In [7]:
import pandas as pd
import numpy as np
from sklearn.preprocessing import MinMaxScaler
from tensorflow.keras.models import Model
from tensorflow.keras.layers import Input, GRU, Dense
from sklearn.model_selection import train_test_split
from sklearn.metrics import mean_absolute_error, r2_score

# 1. 讀取與基本處理
file_path = 'IMPACT.sensors.csv'
data = pd.read_csv(file_path)

timestamp_column = 'createdAt'
data[timestamp_column] = pd.to_datetime(data[timestamp_column])
data = data.sort_values(by=timestamp_column)

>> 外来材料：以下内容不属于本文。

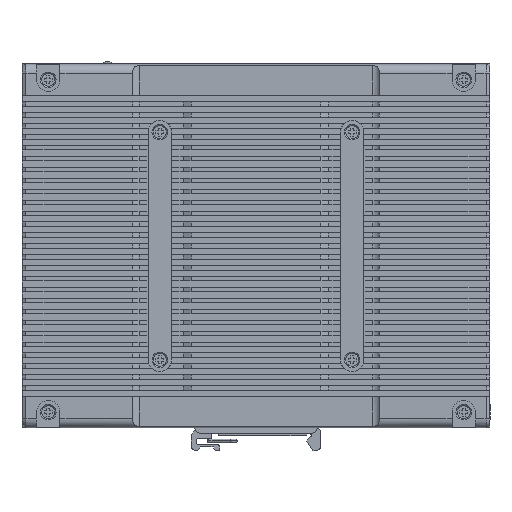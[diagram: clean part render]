
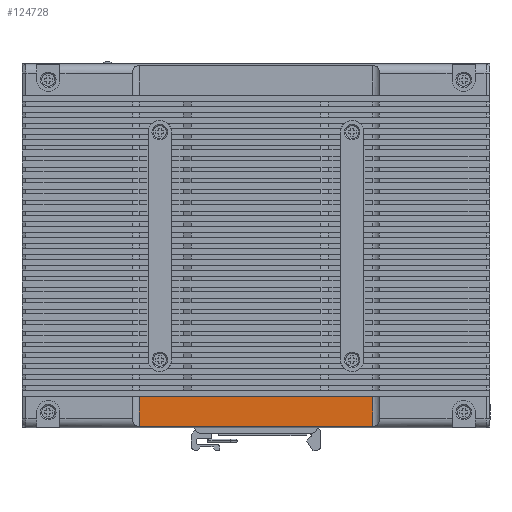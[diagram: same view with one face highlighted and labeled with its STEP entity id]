
A CAD part, front view. The second image highlights one B-rep face of the part: STEP entity #124728.
In plain terms, the highlighted planar face has unit normal (0, -1, 0).
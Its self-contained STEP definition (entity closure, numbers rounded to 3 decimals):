
#91 = ORIENTED_EDGE ( 'NONE', *, *, #39595, .F. ) ;
#3987 = LINE ( 'NONE', #136762, #36964 ) ;
#4406 = ORIENTED_EDGE ( 'NONE', *, *, #39566, .T. ) ;
#5680 = DIRECTION ( 'NONE',  ( 0., 1., 0. ) ) ;
#13740 = CARTESIAN_POINT ( 'NONE',  ( 44.902, -28.9, -60.95 ) ) ;
#29999 = CARTESIAN_POINT ( 'NONE',  ( 44.902, -28.9, -72.372 ) ) ;
#31765 = FACE_OUTER_BOUND ( 'NONE', #98881, .T. ) ;
#32158 = VECTOR ( 'NONE', #122697, 1000. ) ;
#36964 = VECTOR ( 'NONE', #70366, 1000. ) ;
#39136 = CARTESIAN_POINT ( 'NONE',  ( 47.5, -28.9, -73. ) ) ;
#39566 = EDGE_CURVE ( 'NONE', #42740, #101726, #139097, .T. ) ;
#39595 = EDGE_CURVE ( 'NONE', #90227, #101726, #47210, .T. ) ;
#42740 = VERTEX_POINT ( 'NONE', #141508 ) ;
#45936 = AXIS2_PLACEMENT_3D ( 'NONE', #39136, #5680, #127864 ) ;
#47210 = LINE ( 'NONE', #66542, #76696 ) ;
#50286 = PLANE ( 'NONE',  #45936 ) ;
#56342 = CARTESIAN_POINT ( 'NONE',  ( 47.5, -28.9, -60.95 ) ) ;
#58384 = ORIENTED_EDGE ( 'NONE', *, *, #128871, .F. ) ;
#61625 = LINE ( 'NONE', #56342, #32158 ) ;
#66047 = DIRECTION ( 'NONE',  ( -1., 0., 0. ) ) ;
#66542 = CARTESIAN_POINT ( 'NONE',  ( 90., -28.9, -72.372 ) ) ;
#70366 = DIRECTION ( 'NONE',  ( 0., 0., -1. ) ) ;
#76696 = VECTOR ( 'NONE', #66047, 1000. ) ;
#76782 = EDGE_CURVE ( 'NONE', #42740, #107637, #61625, .T. ) ;
#78125 = DIRECTION ( 'NONE',  ( 0., 0., -1. ) ) ;
#78617 = CARTESIAN_POINT ( 'NONE',  ( -44.902, -28.9, -73. ) ) ;
#83591 = VECTOR ( 'NONE', #78125, 1000. ) ;
#90227 = VERTEX_POINT ( 'NONE', #29999 ) ;
#98881 = EDGE_LOOP ( 'NONE', ( #121228, #4406, #91, #58384 ) ) ;
#101726 = VERTEX_POINT ( 'NONE', #143236 ) ;
#107637 = VERTEX_POINT ( 'NONE', #13740 ) ;
#121228 = ORIENTED_EDGE ( 'NONE', *, *, #76782, .F. ) ;
#122697 = DIRECTION ( 'NONE',  ( 1., 0., 0. ) ) ;
#124728 = ADVANCED_FACE ( 'NONE', ( #31765 ), #50286, .F. ) ;
#127864 = DIRECTION ( 'NONE',  ( -1., 0., 0. ) ) ;
#128871 = EDGE_CURVE ( 'NONE', #107637, #90227, #3987, .T. ) ;
#136762 = CARTESIAN_POINT ( 'NONE',  ( 44.902, -28.9, -73. ) ) ;
#139097 = LINE ( 'NONE', #78617, #83591 ) ;
#141508 = CARTESIAN_POINT ( 'NONE',  ( -44.902, -28.9, -60.95 ) ) ;
#143236 = CARTESIAN_POINT ( 'NONE',  ( -44.902, -28.9, -72.372 ) ) ;

# 2. 將特徵值先四捨五入到兩位小數（若原CSV只有兩位，可省略這一步）
features = ['conductivity', 'ppm']
data_features = data[features].round(2)

# 3. 進行 MinMaxScaler
scaler = MinMaxScaler()
data_normalized = scaler.fit_transform(data_features)

# 定義sequence參數（同你的原始碼）
sequence_length = 12
prediction_steps = [6, 12, 18, 24, 30, 36, 42, 48]

def create_future_sequences(data, sequence_length, prediction_steps):
    X, y = [], []
    for i in range(len(data) - sequence_length - max(prediction_steps)):
        X.append(data[i:i + sequence_length])
        # 以每一段未來時間段的 6 筆資料做平均
        future_values = [
            np.mean(data[i + sequence_length + p : i + sequence_length + p + 6], axis=0)
            for p in prediction_steps
        ]
        y.append(np.array(future_values).flatten())
    return np.array(X), np.array(y)

X, y = create_future_sequences(data_normalized, sequence_length, prediction_steps)

# 分訓練、測試集
X_train, X_test, y_train, y_test = train_test_split(X, y, test_size=0.2, random_state=42)

# 4. 建立 GRU 模型
input_layer = Input(shape=(sequence_length, len(features)))
x = GRU(64, activation='relu', return_sequences=True)(input_layer)
x = GRU(32, activation='relu', return_sequences=False)(x)
dense1 = Dense(64, activation='relu')(x)
output_layer = Dense(len(features) * len(prediction_steps), activation='linear')(dense1)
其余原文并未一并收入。